Noisy, Migratory, Parasitic… Channel-billed Cuckoos
Channel-billed Cuckoos are big, impressive birds. They have been regarded as uncommon migrants in Sydney, which visit to breed from around September to March. However, in recent summers in the Eastern Suburbs they have not been uncommon at all. There are numerous good places to listen and look for them around the local area, particularly in big old trees in parks and along roadsides, especially, it seems, where there is a prevalence of figs. They attract attention because of their repeated trumpeting calls.
They are usually heard in the tops of large trees long before they are seen as they are habitually shy, but noisy. They have an unmistakeable call that has been described as a loud, raucous, rising shout that is sometimes heard at night but most often in the early morning and evening. They are very large, grey cuckoos with huge pale-tipped bills. Adults are mostly grey with bold dark scalloping to the upper body and upper wings, and a slender tail with a dark terminal band and white rounded tip. They often call in flight, frequently harassed by crows and other birds, when they appear high up as a distinctive silhouette resembling a flying cross with a long slender body, prominent head and neck, a massive bill, and a very long, narrow tail and long, pointed scythe-shaped wings.

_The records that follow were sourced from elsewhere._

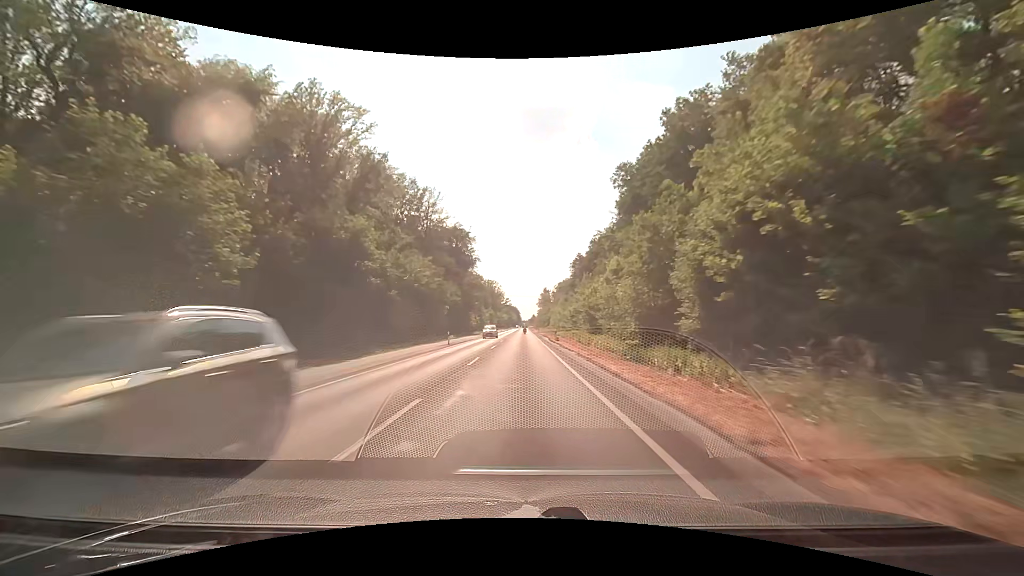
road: secondary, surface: asphalt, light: Day
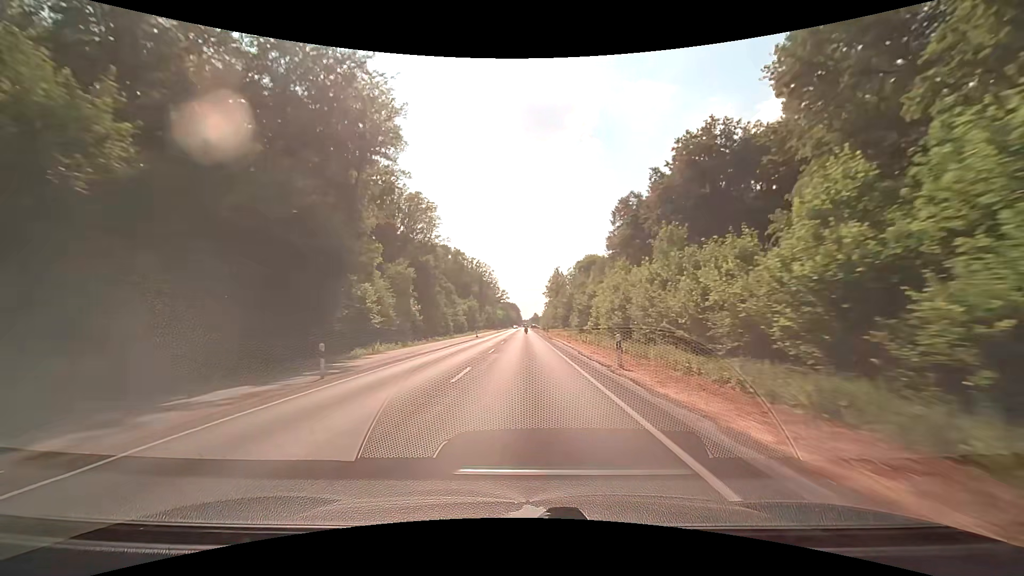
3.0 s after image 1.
(-0.1, +77.7) m; 0°
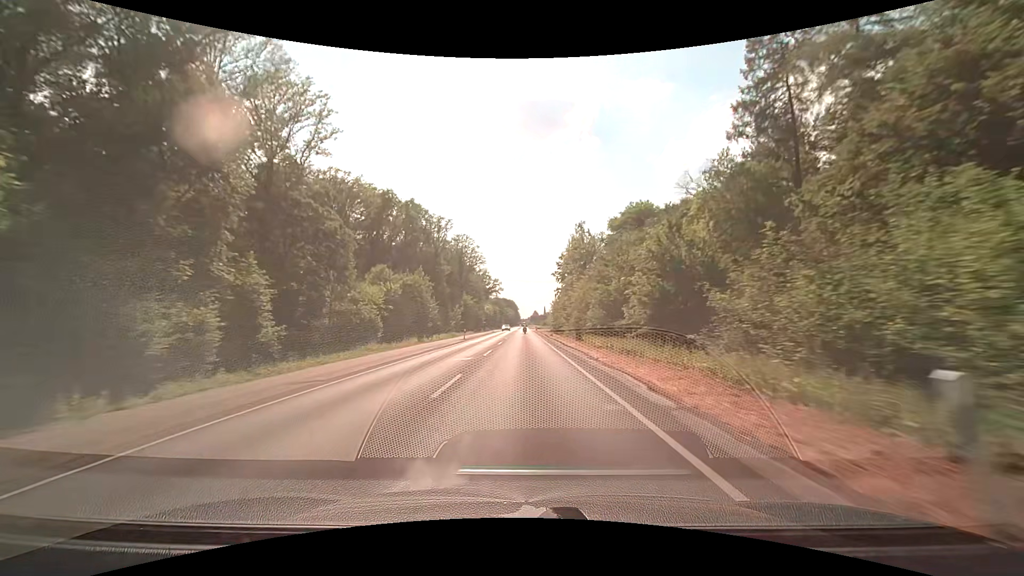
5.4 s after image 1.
(0.0, +62.8) m; 0°
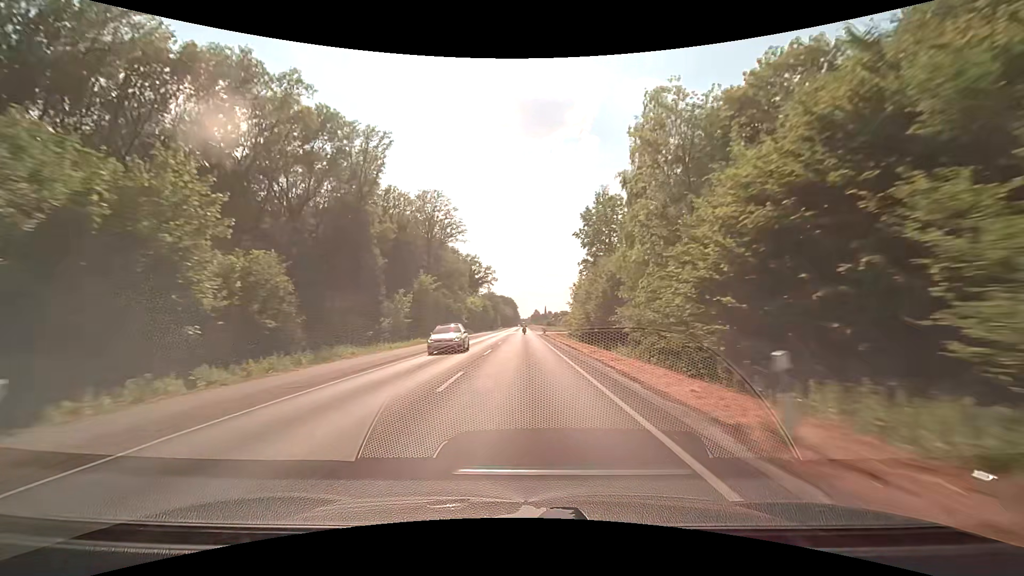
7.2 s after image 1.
(+0.2, +47.3) m; 0°
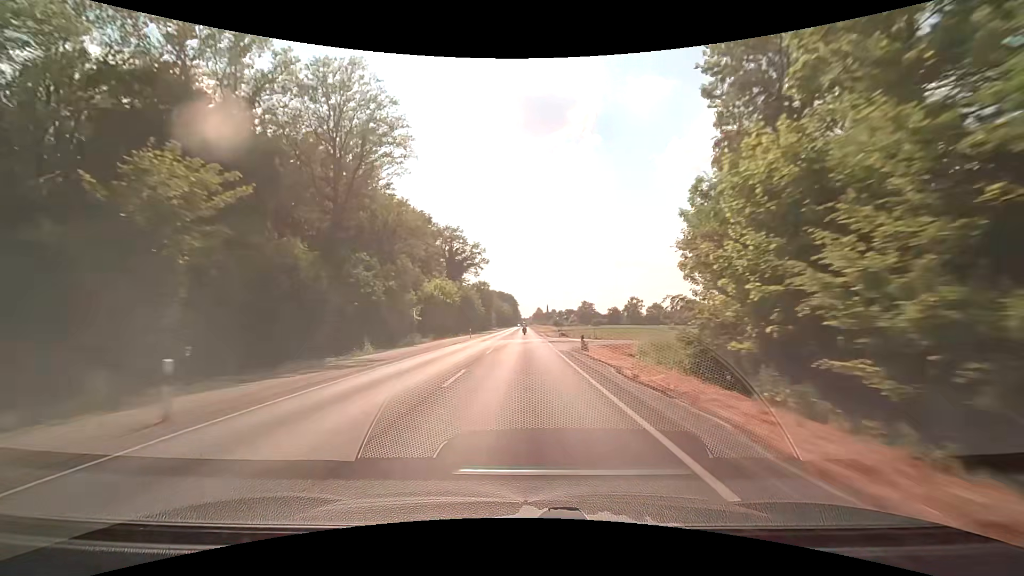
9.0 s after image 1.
(0.0, +47.4) m; 0°
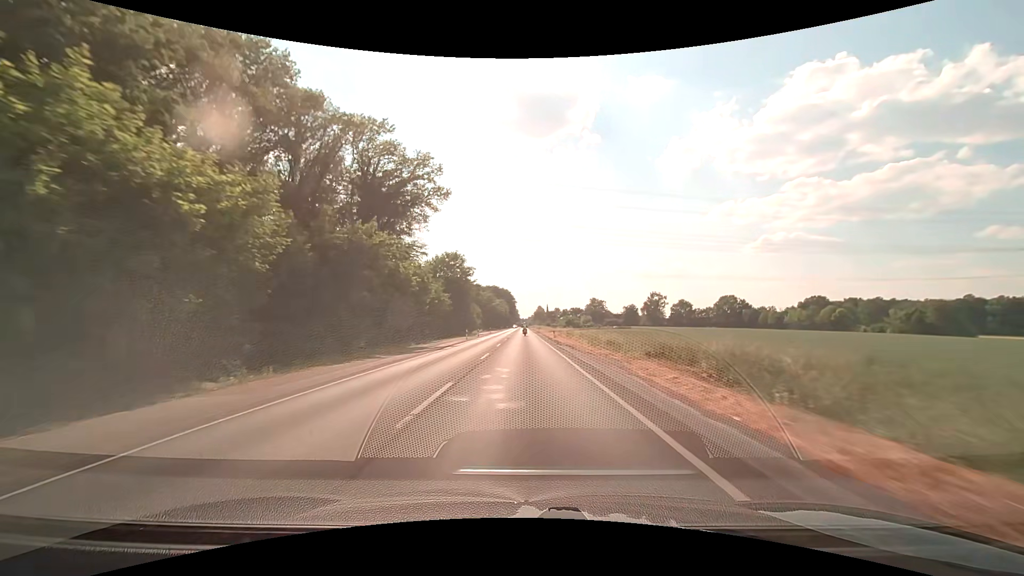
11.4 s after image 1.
(+0.3, +63.3) m; 0°
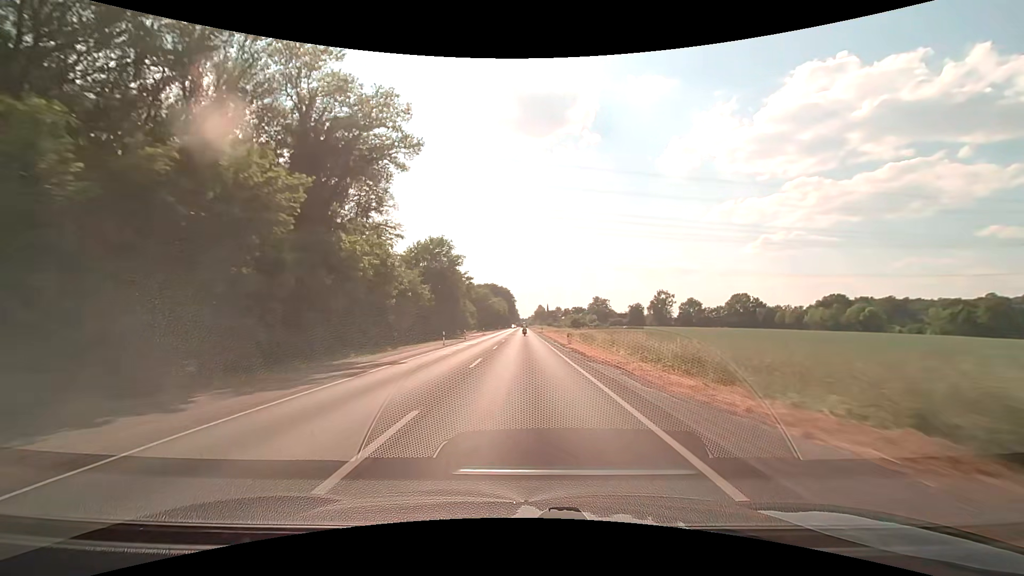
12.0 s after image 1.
(0.0, +15.8) m; 0°
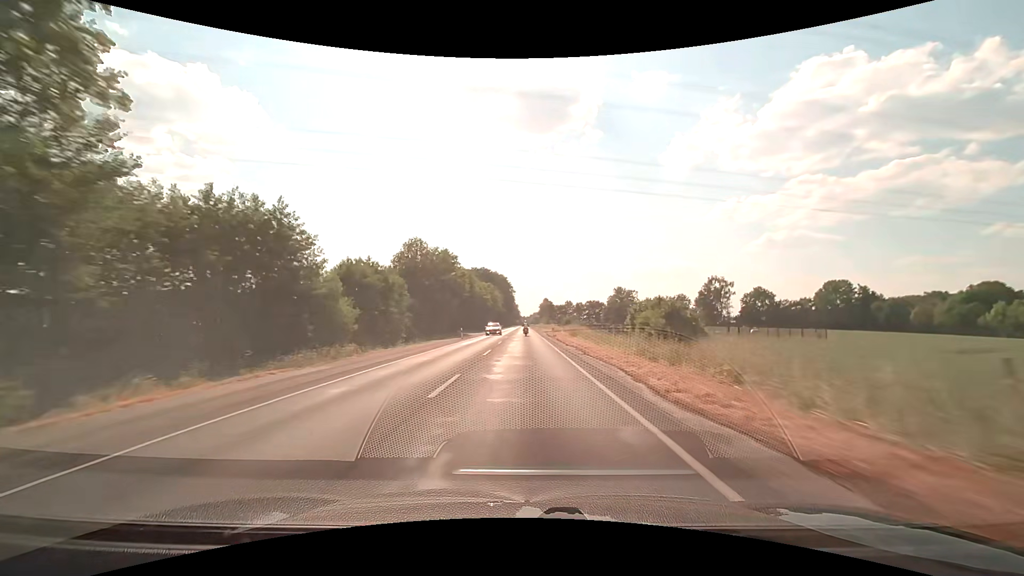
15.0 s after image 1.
(-0.1, +78.9) m; 0°
(0, +10) (0, +20) (0, +30) (0, +40) (0, +50) (0, +60) (0, +70) (0, +80) (0, +90) (0, +100) m

Channel-billed Cuckoos normally prefer rainforest, open forest, woodlands, farmland and roadsides wherever there are tall fruiting trees. They are breeding migrants from Indonesia and PNG and spend the summer in the north and east of Australia where they range south to about Shoalhaven. Breeding is parasitic and in the Sydney area the preferred hosts are Pied Currawongs. More than one egg is laid in the nest of the host, and sometimes one pair of currawongs rears two or three young cuckoos, at the expense of their own babies.
Adult Channel-billed Cuckoos roost away from feeding sites, which they fly to early in the day and where they eat mainly the fruits of native trees, especially figs. They also eat other fruits and vegetable matter, and some seeds, insects, and occasionally eggs and young birds. Single birds, pairs or small groups feed in the outer foliage of large fig trees in our region, where they may be very noisy or remain quiet for hours. They often stay all day after feeding, and just sit around and preen or remain motionless for long periods.
Channel-billed Cuckoos are generally common and conspicuous within their range and may have benefited from land clearing and a consequent increase in host species to rear their young. Certainly in the Sydney region they are commoner now than in the past, as are the Pied Currawongs, which have benefitted from exotic berry trees planted in suburban areas.
While some birds may die as a result of collisions with reflecting windows, overall it appears that Channel-billed Cuckoos are doing well in the Eastern Suburbs, largely due to adequate food availability and improved child-minding facilities.